Check to see if it is legal for this company to do business in CA or if any of your rights have been violated. For further information go to: http://www.inlandlegal.org/publications/consumer/ENGLISH_Pay_Day_Loans_Brochure.pdf.  If this is a valid debt, your creditor can go to court and win a judgment.  If that happens, then your non-exempt assets are at risk.  This includes a portion of your wages as allowed by state law. Under both CA and federal law, creditors cannot collect more than 25% of a debtor's disposable earnings.  Additionally, CA creates an another exemption by permitting employees to declare a greater portion of disposable earnings if they need extra funds to cover basic living expenses. This exemption is permitted as long as the debt was not incurred from previous living expenses or is the result of delinquent child support or alimony payments.  Finally, there also a limitation on garnishment. The debtor's disposable income after garnishment must be equal to or more than 30 times the federal minimum wage. So if the debtor doesn't have at least 30 times this wage for disposable earnings after garnishment, the full 25% permitted by law cannot be taken.

Note: Until a judgement is obtained in court, there can be no garnishment. And you should receive notice of the court proceedings first so that you can appear and offer a defense, if you have.

MD, Member, California Bar / FreeAdvice Contributing Attorney

Answered 11 years ago | Contributor

You need to immediately contact your state's department of banking and find out if it is legal for this company to do business in your state and if it is licensed to conduct such activity. If it is not, you may have an out on paying and point to the state statute to the collection agency.
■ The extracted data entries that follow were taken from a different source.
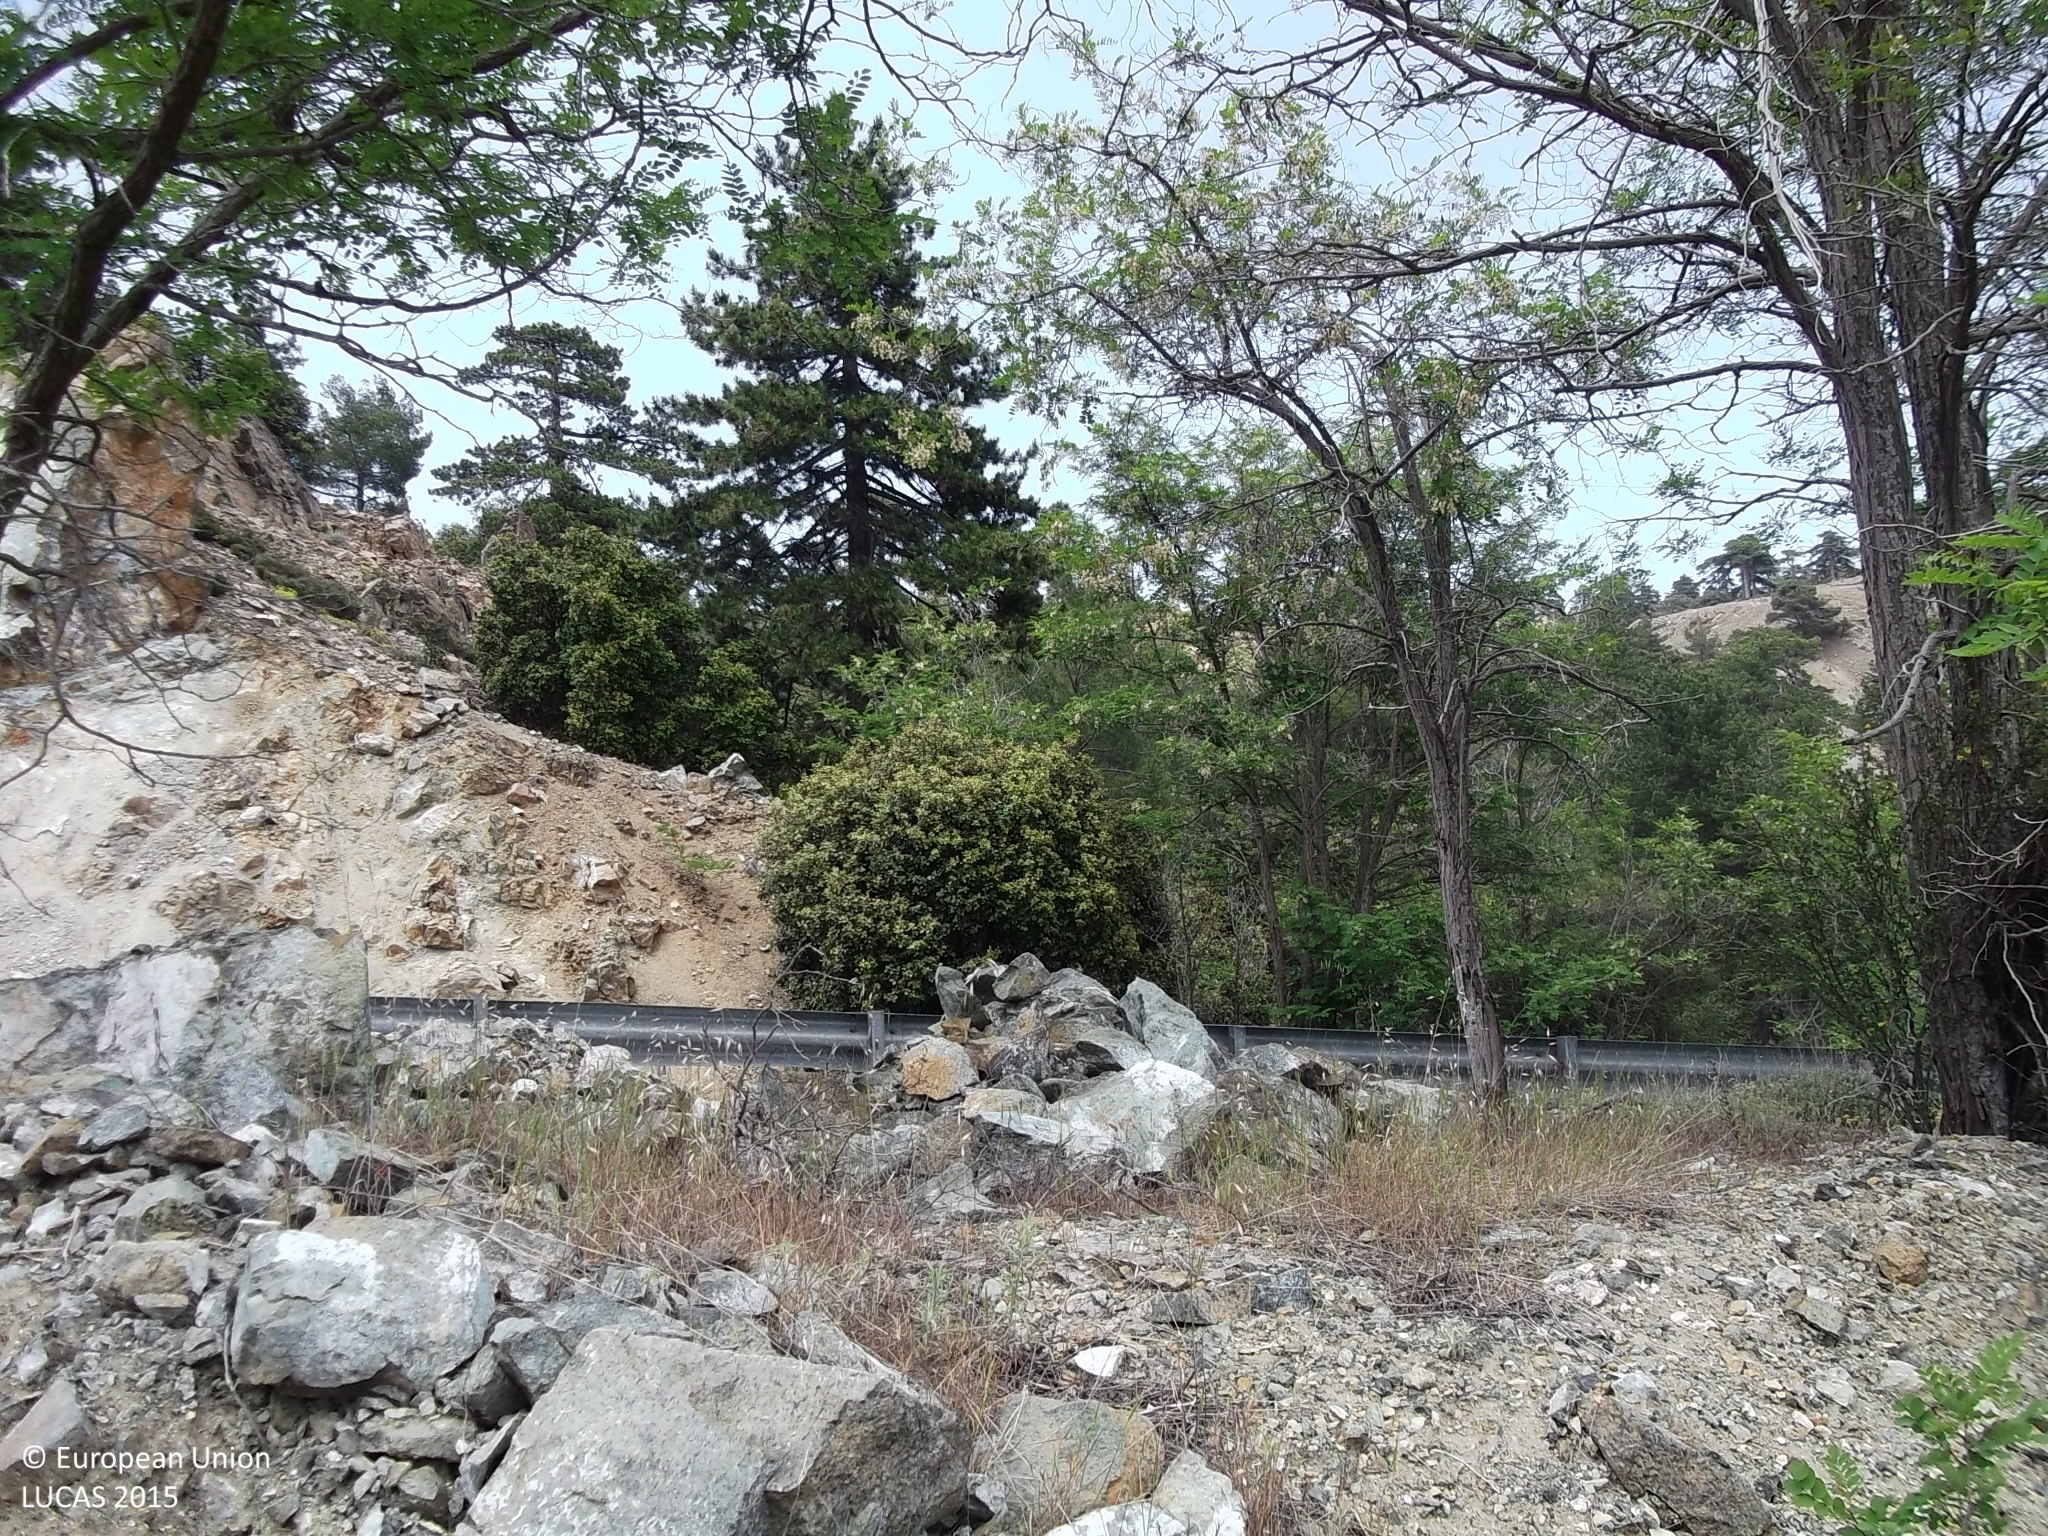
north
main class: Woodland
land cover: Pine dominated coniferous woodland
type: coniferous forest of the mediterranean region
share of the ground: 10 - 25 %
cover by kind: consolidated bare surface 35 %, unconsolidated bare surface 25 %, coniferous forest trees 20 %, shrubs 20 %
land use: Forestry
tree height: > 5 m
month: June
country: CY
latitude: 34.9305
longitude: 32.9059
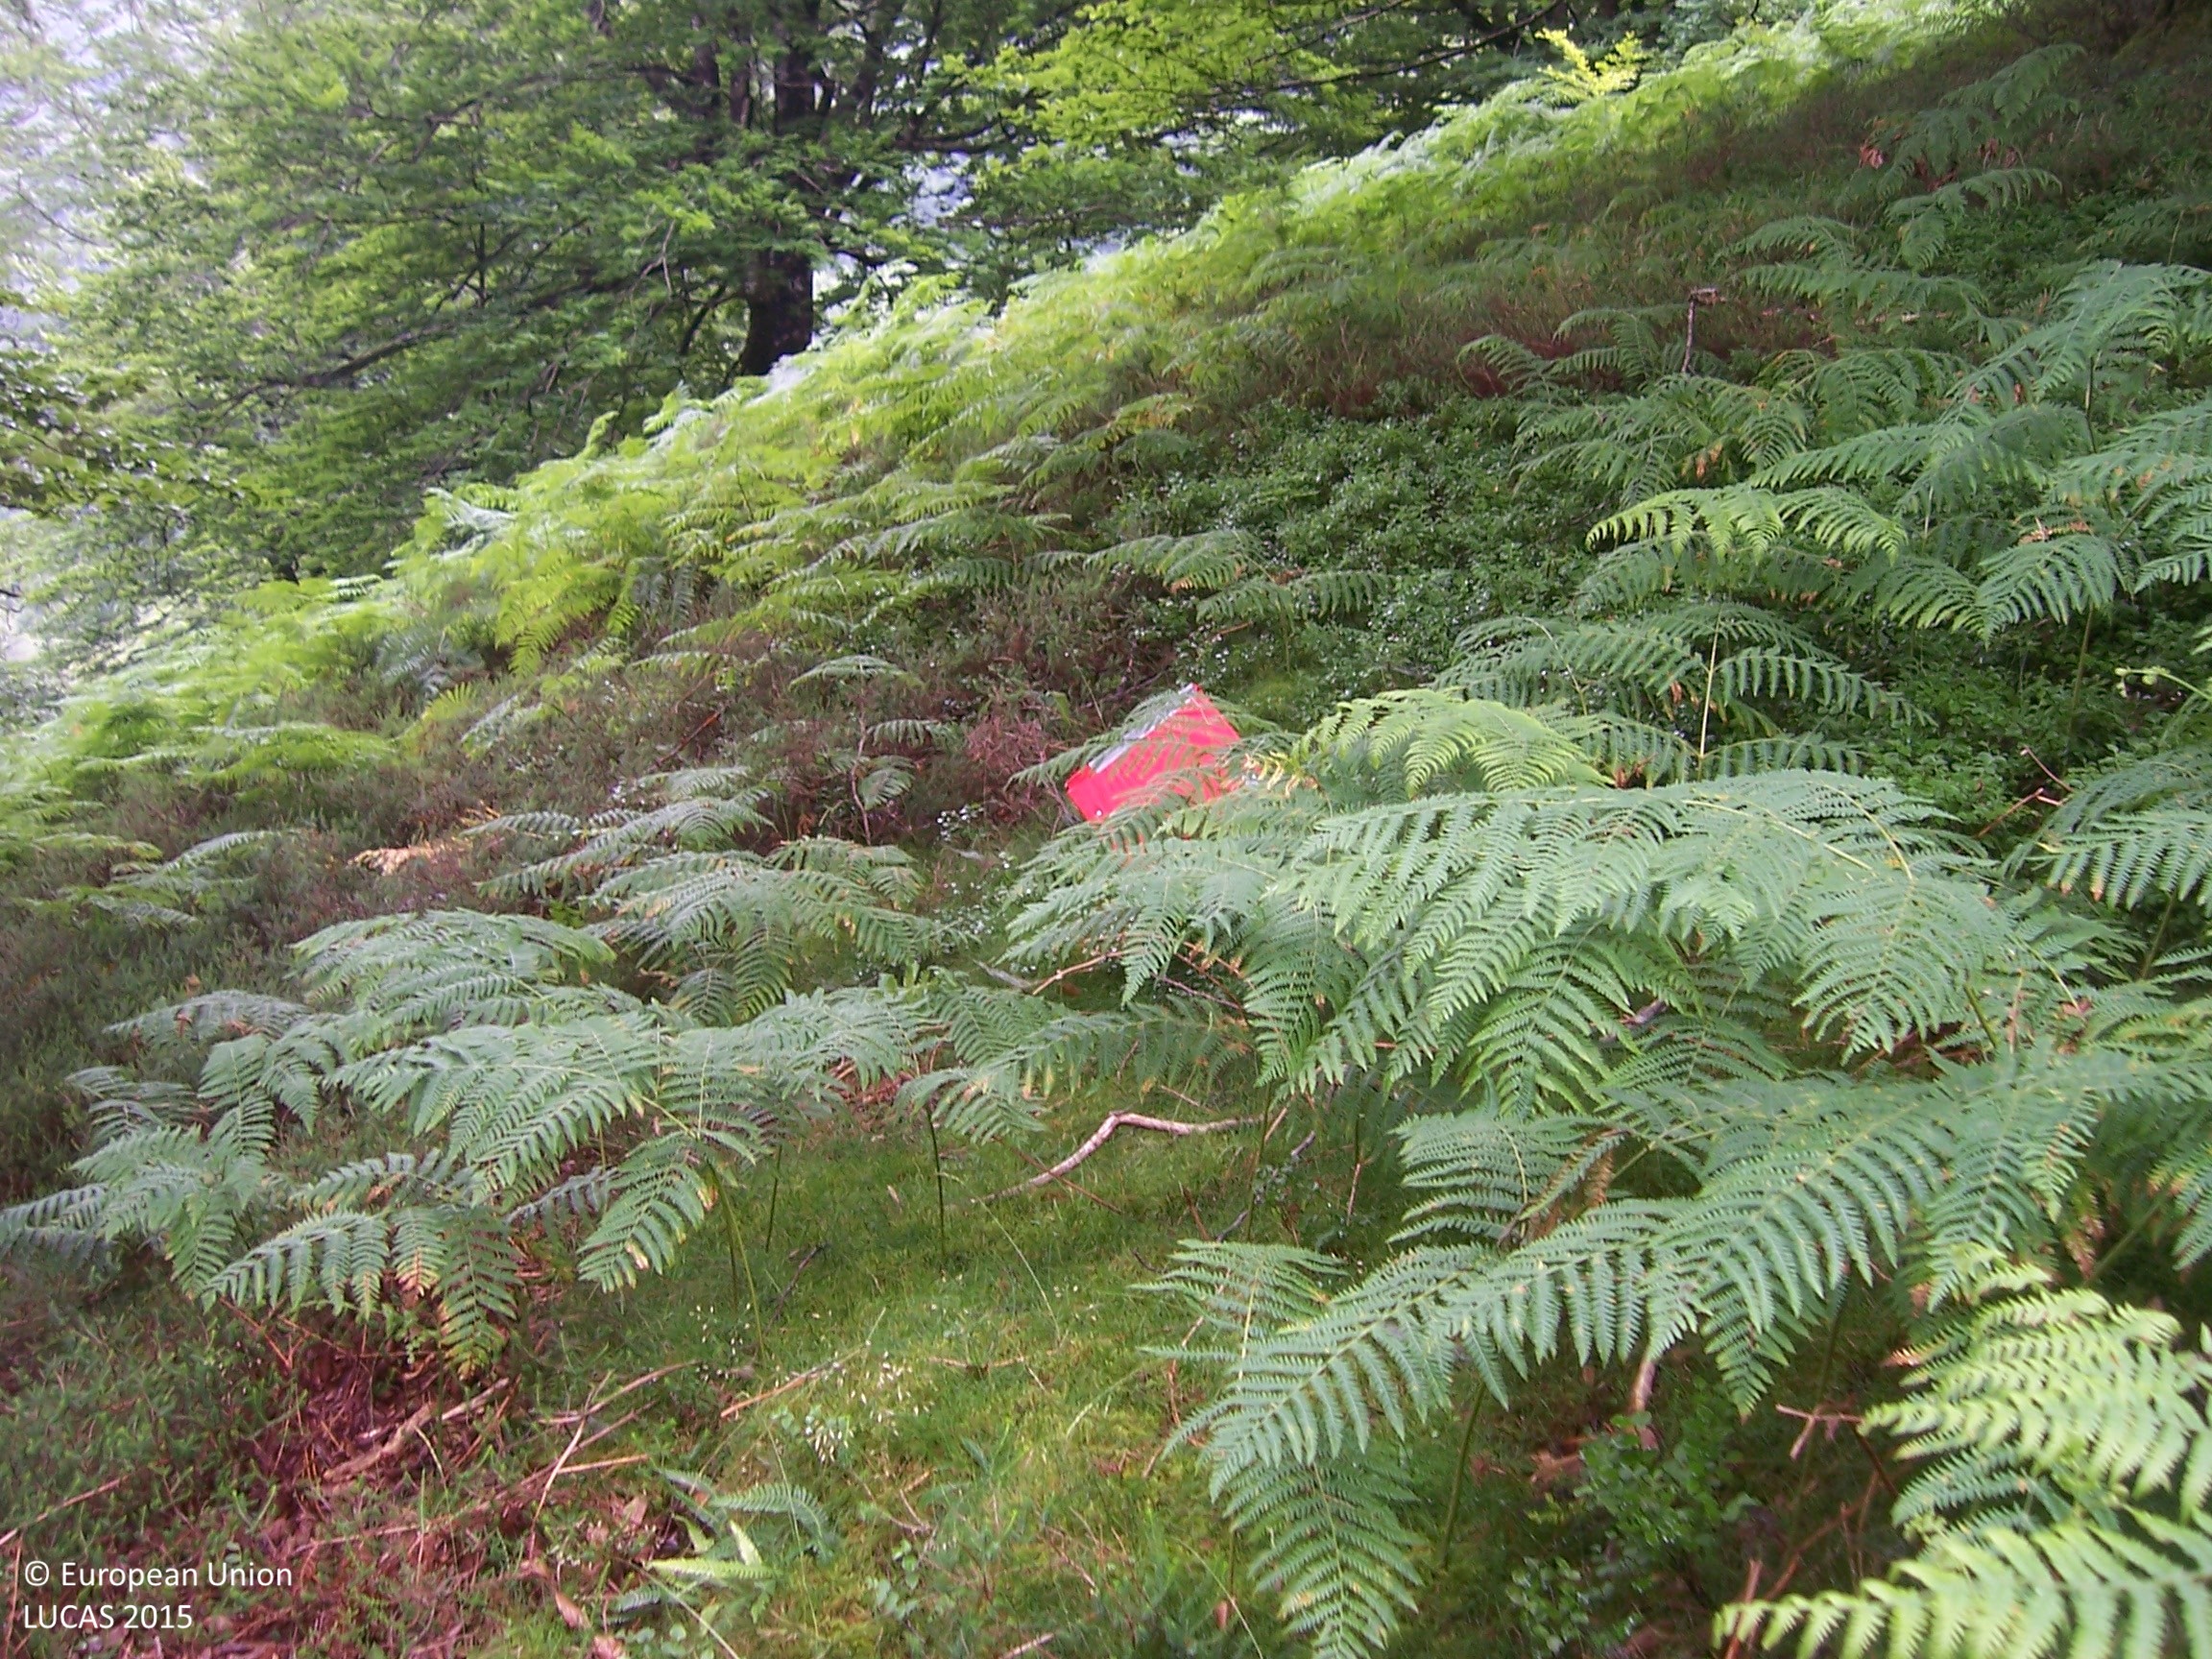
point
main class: Woodland
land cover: Broadleaved woodland
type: beech forest
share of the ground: > 75 %
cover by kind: broadleaved forest trees 90 %, herbaceous plants 10 %
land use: Forestry
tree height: > 5 m
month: July
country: ES
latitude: 43.0691
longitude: -1.5223
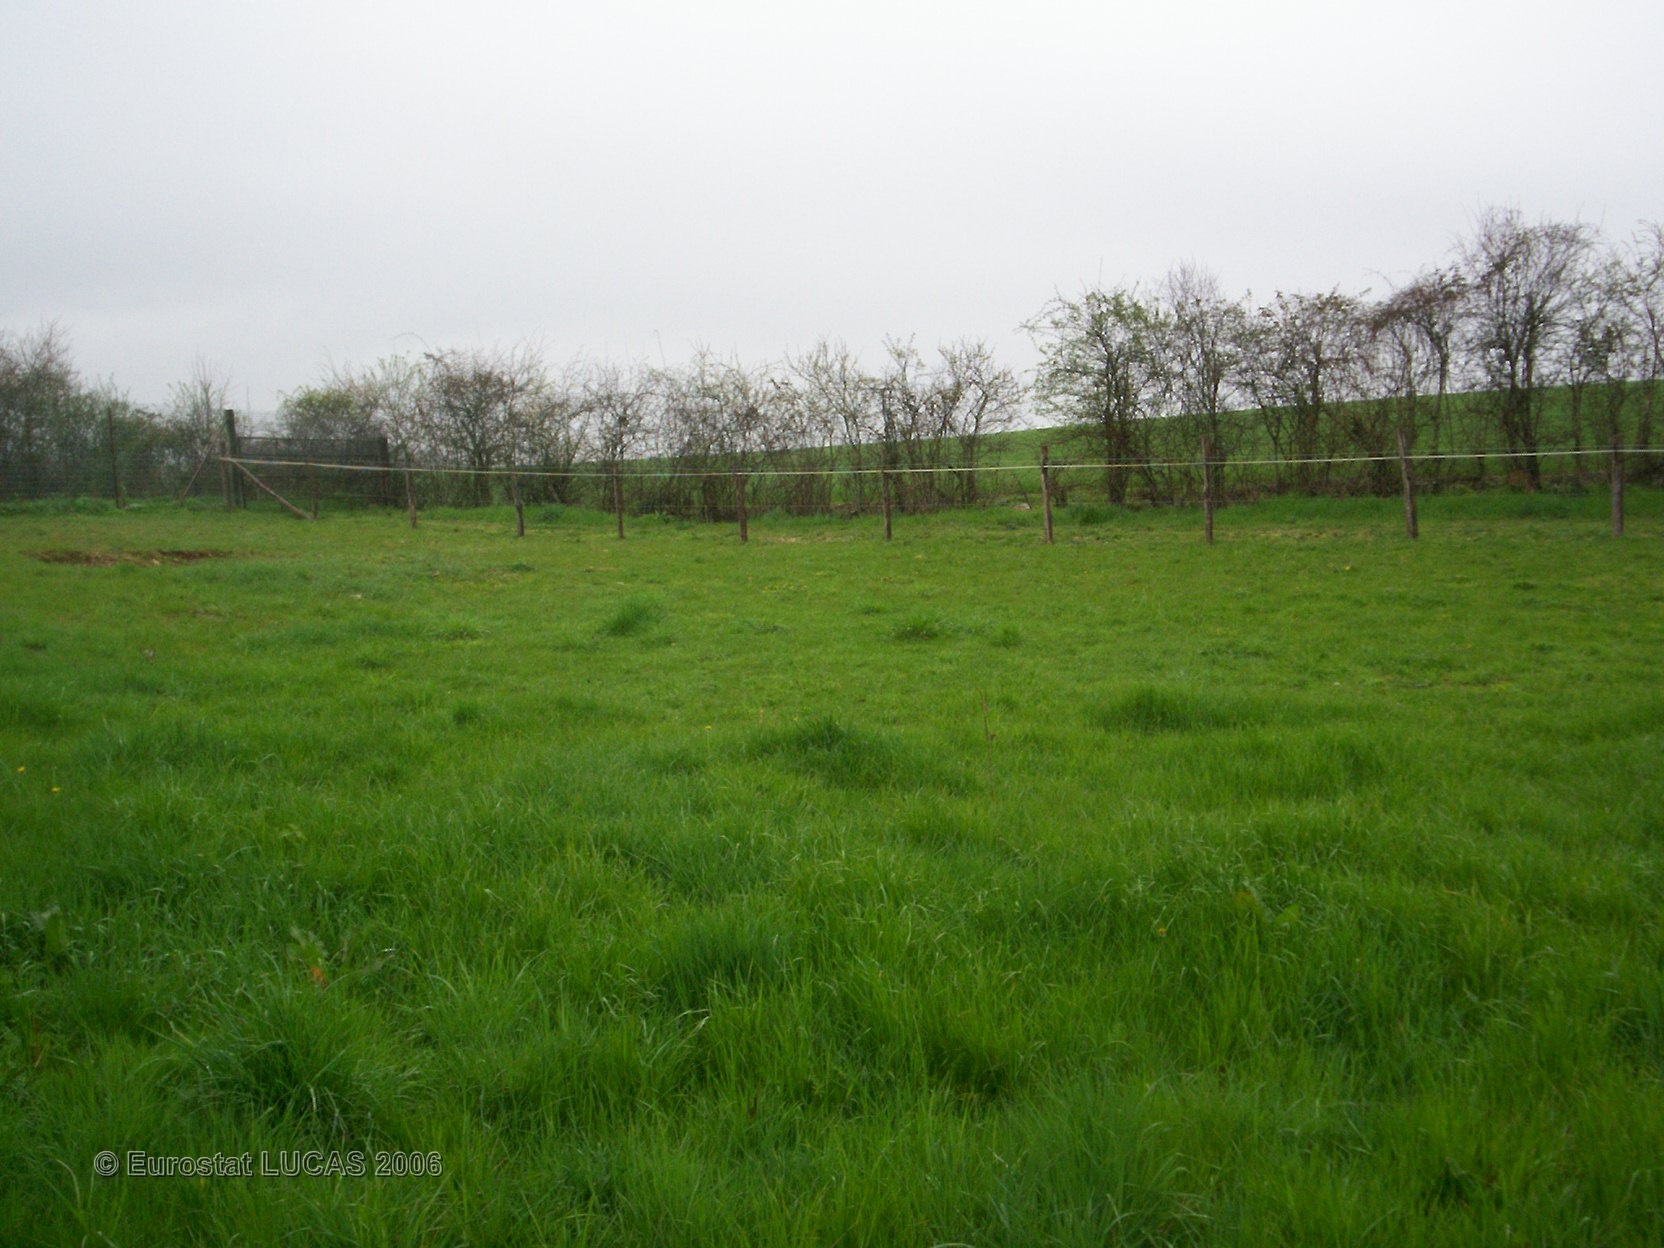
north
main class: Grassland
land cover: Grassland without tree/shrub cover
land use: Agriculture (excluding fallow land and kitchen gardens)
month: April
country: FR
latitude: 48.3575
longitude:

You may even be better served by filing a written dispute with the credit reporting agencies on this matter by showing the statute, the fact (if it is true this company is not licensed to do such business in your state) they are not licensed and the collection agency contact information to help get this off of your credit report before any suit is filed. Never ever concur and agree or confirm you owe this debt when such an agency calls because you don't know if the statute of limitations has run and you don't know if you actually owe the debt. If the statute of limitations has run and you confirm or affirm the debt, the time period to sue begins all over again.